- Kandy Kandy, Madawala, Central

Information
- Type: Government
- Motto: Rabbi Zidni Ilma
- Religious affiliation: Islam
- Established: 02.12.1935
- Founder: Abubakkar Lebbai Sayyadhu Mohammed
- Principal: S A C M Jibreel
- Staff: 76
- Grades: 06 - 13
- Years offered: 84
- Gender: Male, Female
- Age: 11 to 18
- Enrollment: 3150
- Language: Tamil, English
- Hours in school day: 6
- Houses: Safa Hira Mina
- Colours: Maroon, Green, and Blue
- Sports: Cricket Rugby

= Madina Central College =

Madina National School (Sinhala: මදීනා ජාතික පාසල; Tamil: மதீனா தேசிய கல்லூரி; also referred to as Madawala Madina) is a Mixed Primary and Secondary National School in Madawala, Kandy, Central Province, Sri Lanka.

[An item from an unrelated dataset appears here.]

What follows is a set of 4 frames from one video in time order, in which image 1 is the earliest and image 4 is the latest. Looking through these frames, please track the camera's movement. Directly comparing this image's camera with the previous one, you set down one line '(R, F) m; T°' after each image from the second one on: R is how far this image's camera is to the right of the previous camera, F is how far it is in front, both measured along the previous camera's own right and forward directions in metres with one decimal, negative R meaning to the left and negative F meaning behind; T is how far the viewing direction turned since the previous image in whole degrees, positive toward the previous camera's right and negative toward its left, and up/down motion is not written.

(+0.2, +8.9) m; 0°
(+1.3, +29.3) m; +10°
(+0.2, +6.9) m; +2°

It was established on 2 December 1935 with Abubakkar Lebbai Sayyadhu Mohammed as the founding Principal.

It provides education from Grades 01 to 13 in Tamil and English languages. It is one of the leading mixed Tamil medium schools in the country. Located on the Katugastota-Bambarella (B205) main road.

== History ==

In the 1930s, a revolutionary thinker and social worker, Abubakkar Lebbai Sayyadhu Mohammed, established the school on 12 February 1935. The first principal was A.K. Subramaniyam. During its early stages, admission was only granted to boys. At the beginning, there were three teachers and 36 students. In 1936, the school was improved with an addition of one teacher (four total) and 170 students (215 total). In 1937, a Teachers and Parents Association was created. In 1944, S.S.C classes began. In 1948, with 423 students and 15 teachers, a new block was constructed.

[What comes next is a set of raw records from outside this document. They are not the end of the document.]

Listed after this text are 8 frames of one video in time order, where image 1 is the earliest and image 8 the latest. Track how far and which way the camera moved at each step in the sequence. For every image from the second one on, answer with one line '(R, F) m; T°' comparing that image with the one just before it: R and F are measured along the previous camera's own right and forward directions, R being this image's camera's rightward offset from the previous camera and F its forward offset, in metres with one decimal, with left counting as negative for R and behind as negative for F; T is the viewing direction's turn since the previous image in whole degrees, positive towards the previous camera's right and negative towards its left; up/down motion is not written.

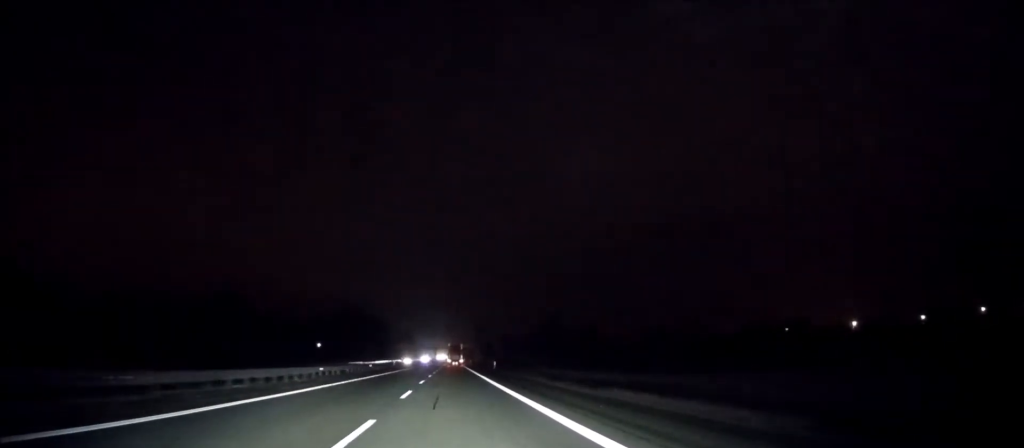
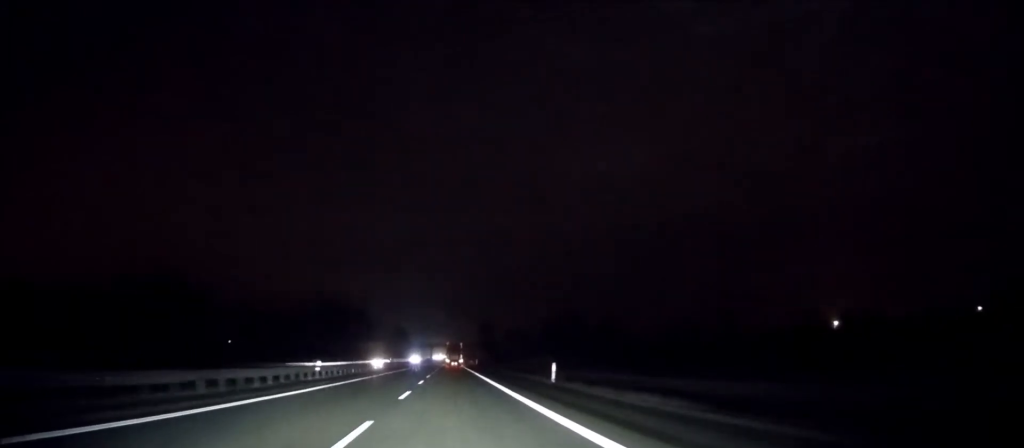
(0.0, +47.9) m; 0°
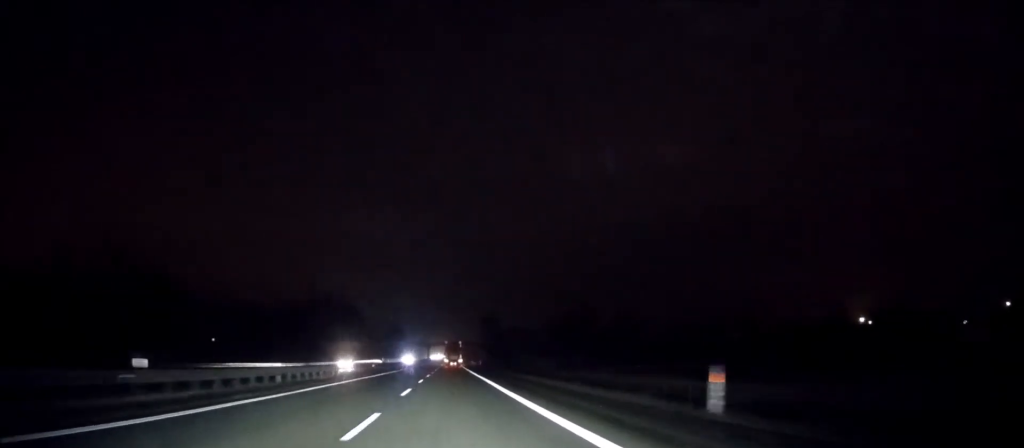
(0.0, +20.7) m; 0°
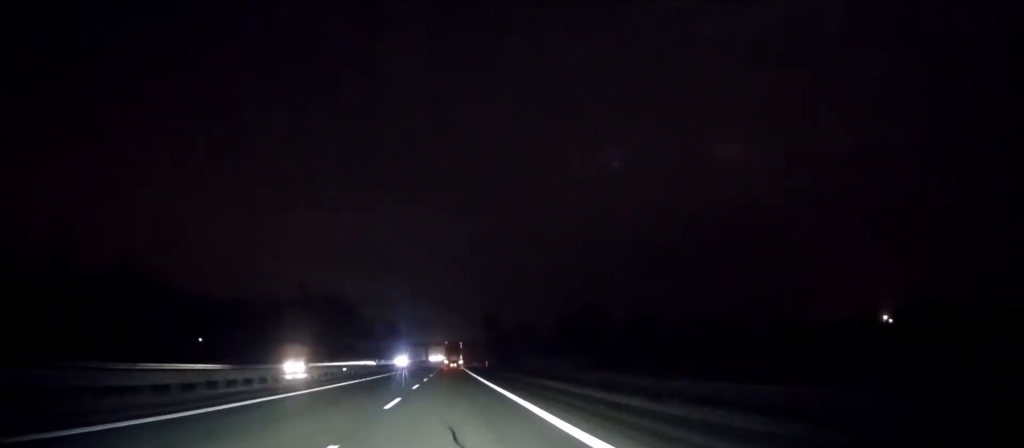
(0.0, +15.4) m; 0°
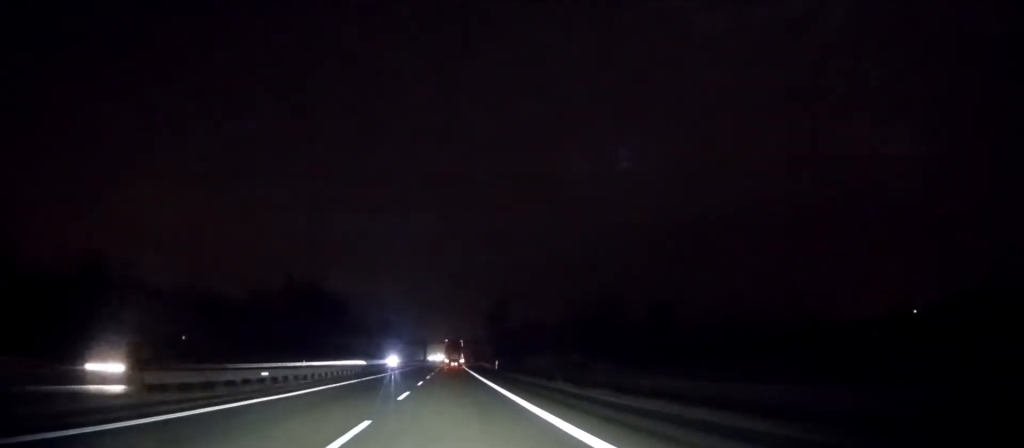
(0.0, +16.8) m; 0°
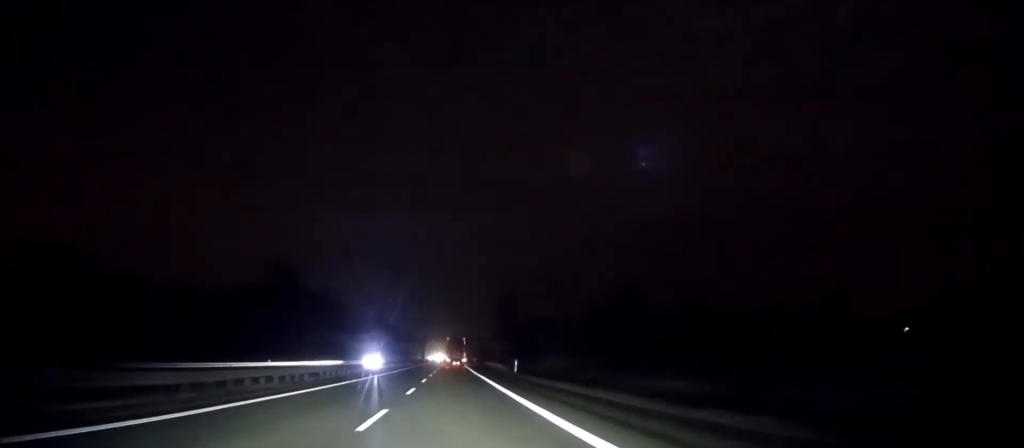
(0.0, +15.6) m; 0°
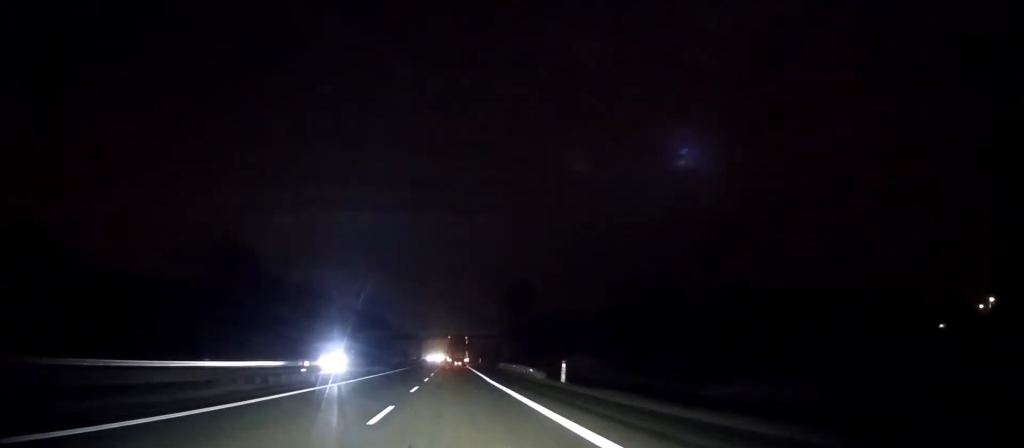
(0.0, +16.8) m; 0°
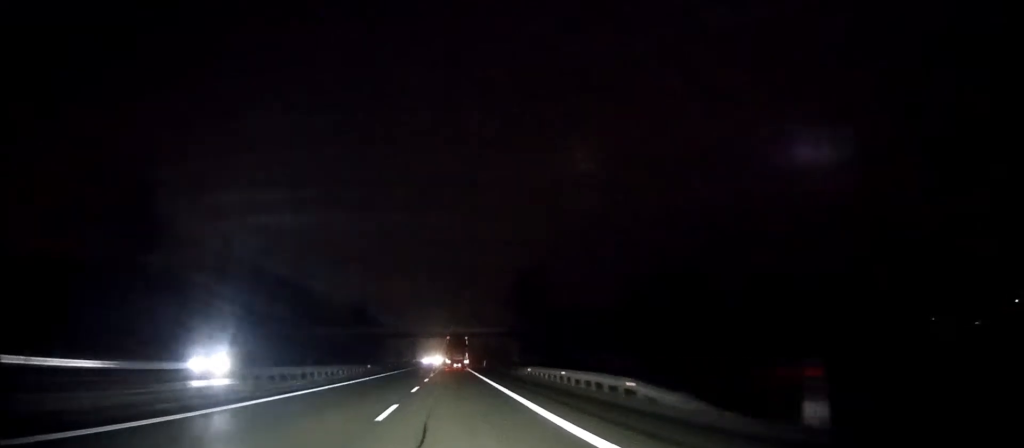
(0.0, +17.6) m; 0°

In 1952 the school was divided in two as upper school and lower school and had 14 classes. In 1958, girls were allowed to join the school. During that time, the educational minister Dasanayaka constructed a new block to the school. In 1994, the school was announced as a national school. The principal was A.H.M. Siddeek (1997–2008). In 2003, a building was constructed with a new block and was separated for the English Medium.

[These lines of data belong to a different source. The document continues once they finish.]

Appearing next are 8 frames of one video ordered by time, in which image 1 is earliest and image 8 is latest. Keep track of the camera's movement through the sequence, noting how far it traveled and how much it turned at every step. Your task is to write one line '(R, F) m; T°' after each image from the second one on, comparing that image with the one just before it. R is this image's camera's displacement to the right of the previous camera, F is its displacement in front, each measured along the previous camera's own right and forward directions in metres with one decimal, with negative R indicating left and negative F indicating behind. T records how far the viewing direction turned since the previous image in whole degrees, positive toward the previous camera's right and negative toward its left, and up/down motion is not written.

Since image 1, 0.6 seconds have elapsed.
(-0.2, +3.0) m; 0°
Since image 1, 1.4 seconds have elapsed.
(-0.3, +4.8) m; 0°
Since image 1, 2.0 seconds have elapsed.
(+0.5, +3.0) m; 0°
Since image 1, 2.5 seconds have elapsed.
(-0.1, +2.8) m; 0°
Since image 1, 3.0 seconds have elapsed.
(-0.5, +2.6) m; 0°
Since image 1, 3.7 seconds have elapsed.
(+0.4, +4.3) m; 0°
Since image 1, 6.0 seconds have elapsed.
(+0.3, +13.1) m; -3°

An auditorium was opened in 2004 in memory of M. H. M. Ashraff, who was the founder of Sri Lanka Muslim Congress.

== Past Principals ==

| Name | Year |
|---|---|
| A.K.Subramaniyam | 1935–1941 |
| P.Raayappu | 1941–1949 |
| K.Raajasingam | 1949–1951 |
| M.A.Raheed | 1951-1951 |
| M.S.M.Ismail | 1951–1959 |
| M.I.M.Sarib | 1959–1961 |
| M.Y.M.Muslim | 1961–1962 |
| Zaani Mohammed | 1962-1962 |
| R.D.Saldeen | 1963–1965 |
| S.M.Thaha | 1965–1968 |
| A.R.M.Faaruk | 1968–1979 |
| S.M.Thaha | 1979–1984 |
| A.R.M.Faaruk | 1984–1990 |
| J.M.Munawwar | 1990–1997 |
| M.S.M.Lukmaan | 1997-1997 |
| A.H.M.Siddeek | 1997–2008 |
| S.H.M.Ali Jinna | 2008-2008 |
| E.F.Nazeer | 2008–2010 |
| M.Z.U.Hidhaya | 2010–2016 |
| A.H.M.Azeez | 2016-2018 |
| Abdul Raheem | 2018-To Present |

== 2004-present ==
A computer lab was opened in 2004. In the period 2008-2010, Old Boys Association members Alhaj Musni Mulaffar and Alhaj Riffthi Mulaffar donated a bus to the school which was worth 40 lakhs. In the early 2015, a technological laboratory was constructed by the Sri Lankan government led by president Mahinda Rajapaksa.It contains 4 rooms including a math room. It also contains 40 computers.